[PROBLEM DETAILS] What is the number of lines in the data holding the word "light"? Give that number by itself.

[SUPPLIED DATA]

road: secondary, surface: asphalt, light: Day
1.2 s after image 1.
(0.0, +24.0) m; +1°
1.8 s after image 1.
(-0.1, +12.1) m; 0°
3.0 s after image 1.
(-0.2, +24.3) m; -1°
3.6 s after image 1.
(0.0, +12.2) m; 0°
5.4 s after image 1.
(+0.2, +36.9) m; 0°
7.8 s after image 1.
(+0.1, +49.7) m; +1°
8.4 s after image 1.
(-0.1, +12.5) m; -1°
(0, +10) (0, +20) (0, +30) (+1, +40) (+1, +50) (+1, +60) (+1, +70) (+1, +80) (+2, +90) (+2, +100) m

==

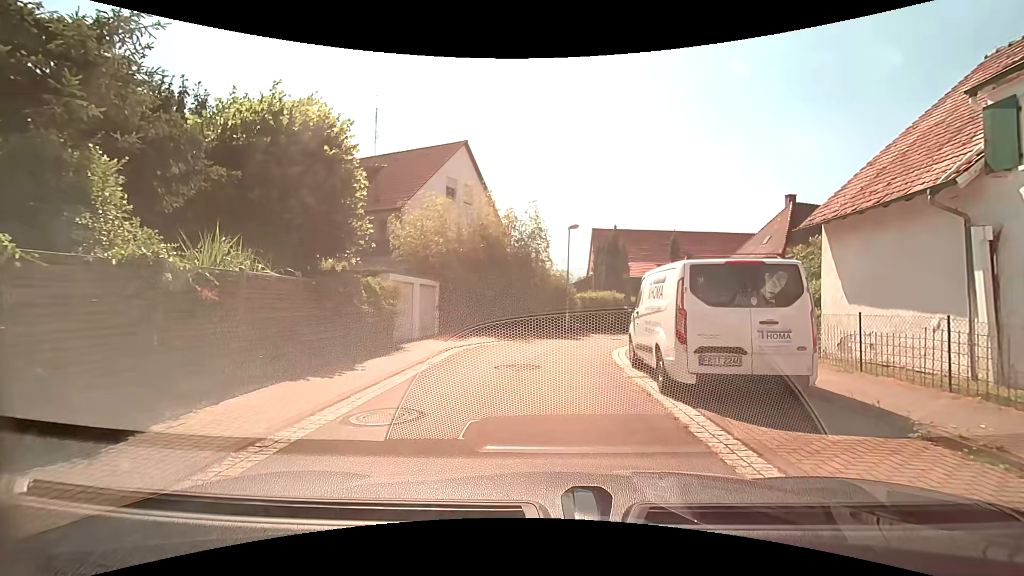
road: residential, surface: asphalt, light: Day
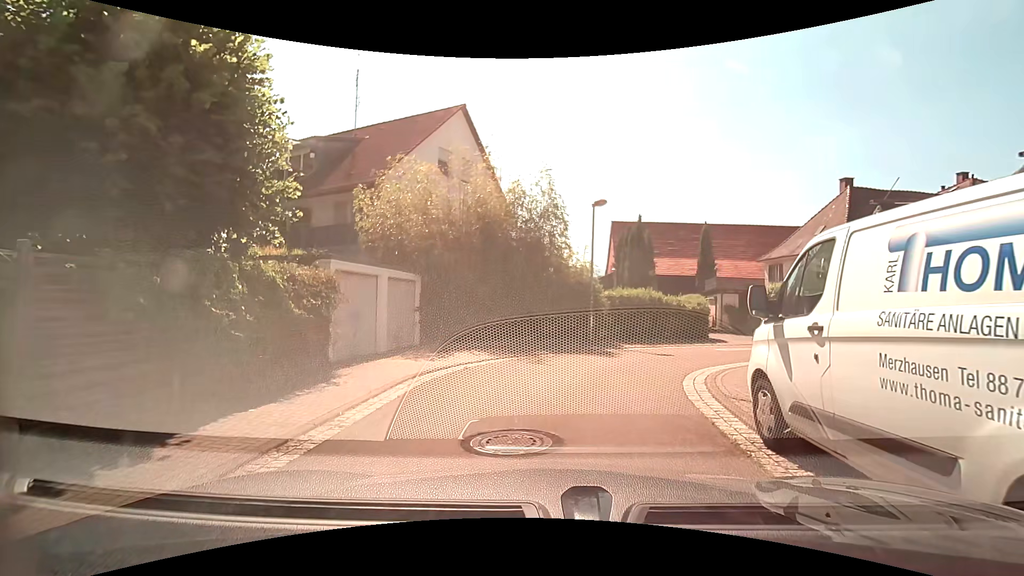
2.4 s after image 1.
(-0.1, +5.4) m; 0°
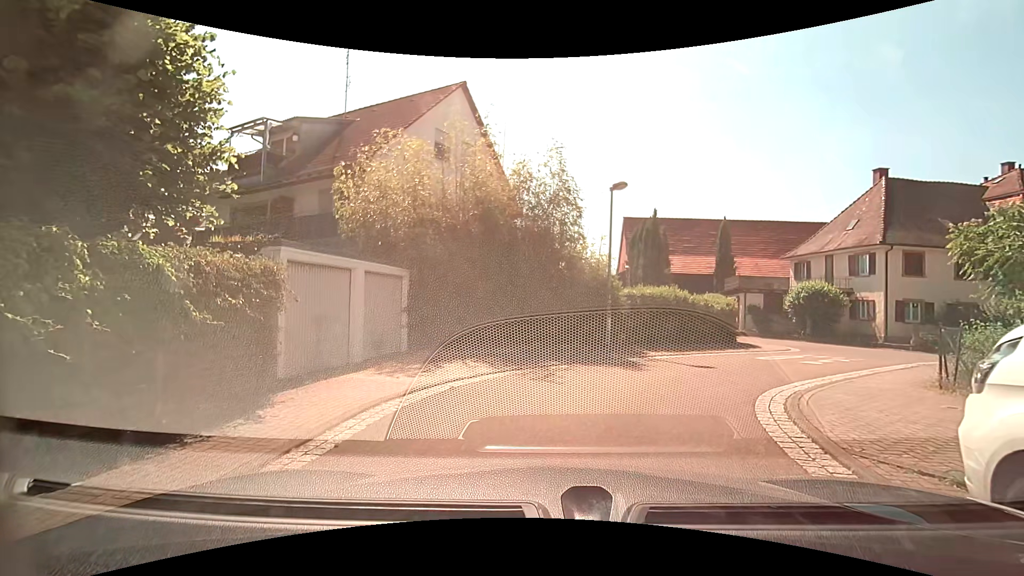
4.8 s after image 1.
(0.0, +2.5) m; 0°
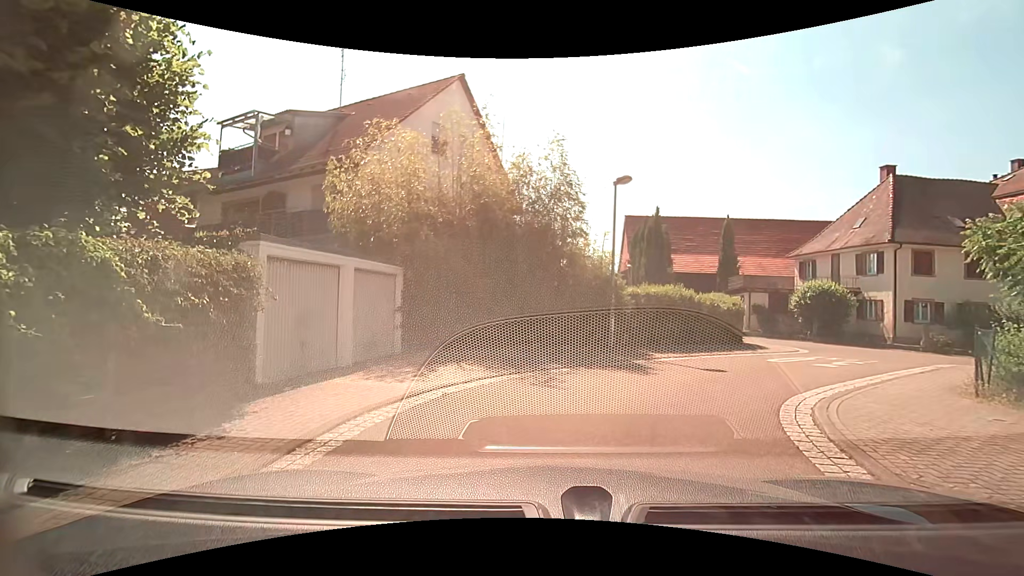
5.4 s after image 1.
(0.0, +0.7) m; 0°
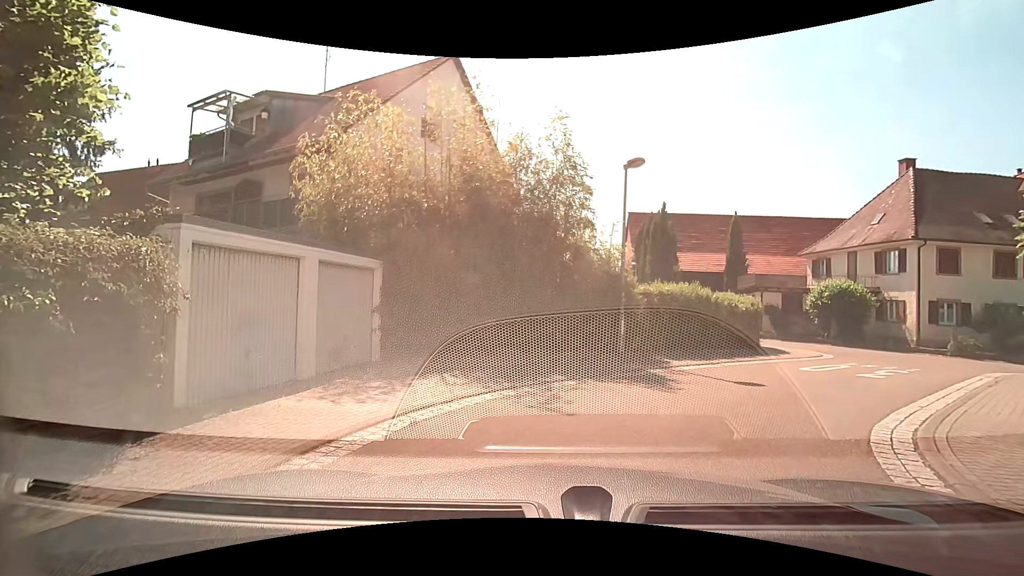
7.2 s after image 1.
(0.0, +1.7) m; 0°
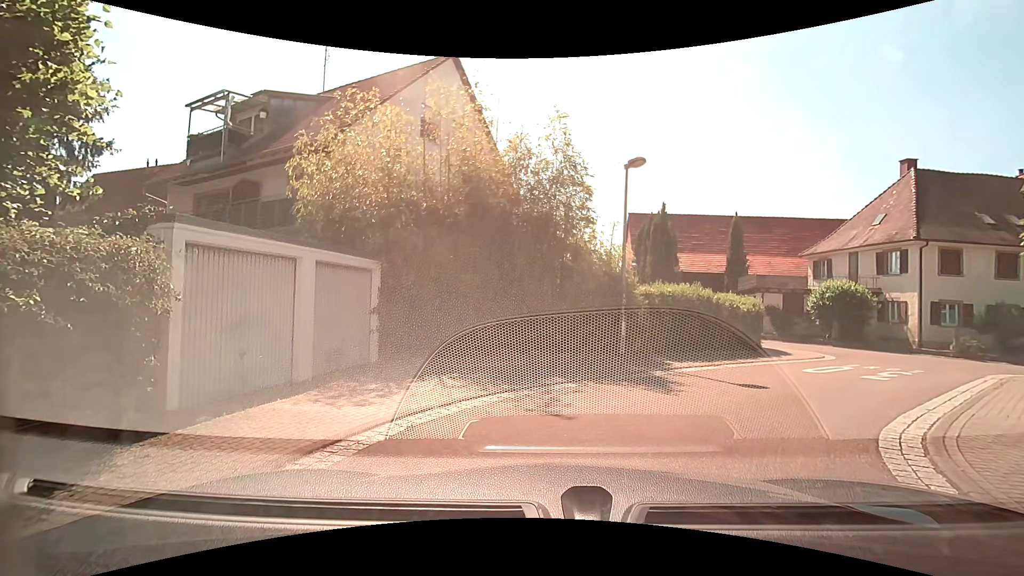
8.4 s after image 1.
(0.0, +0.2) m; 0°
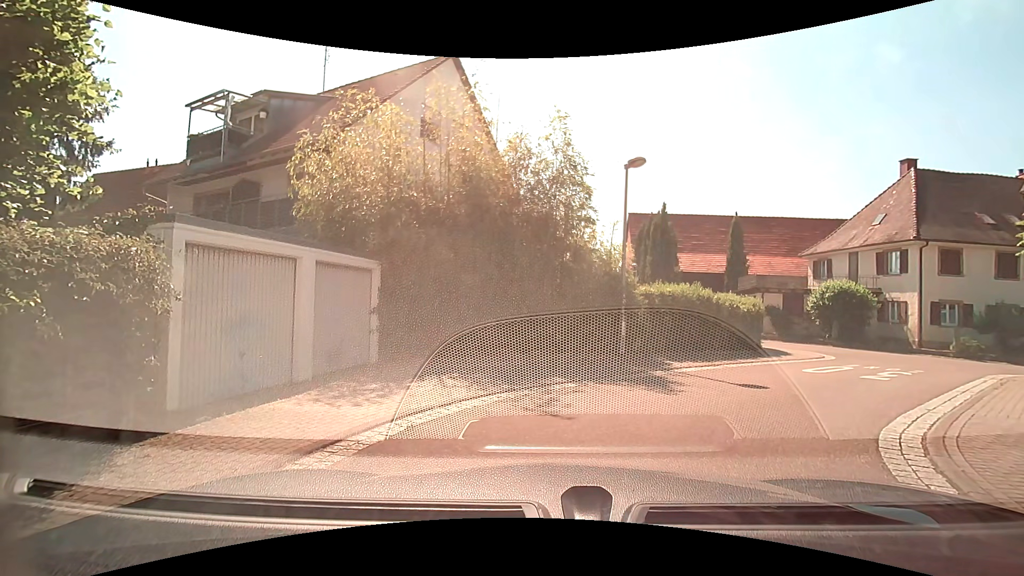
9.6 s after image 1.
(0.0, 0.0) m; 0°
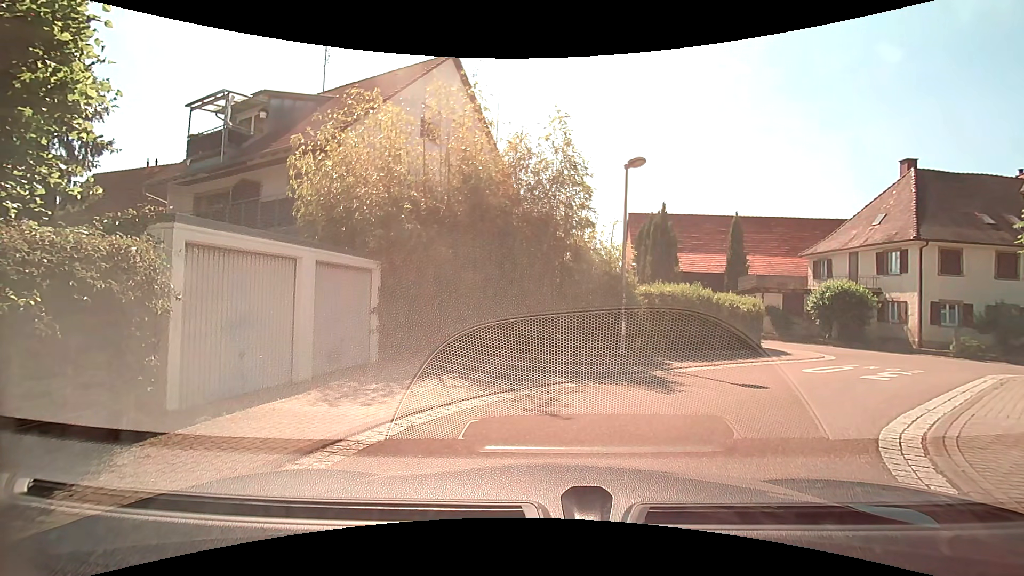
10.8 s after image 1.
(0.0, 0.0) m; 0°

[RESPONSE AREA] 2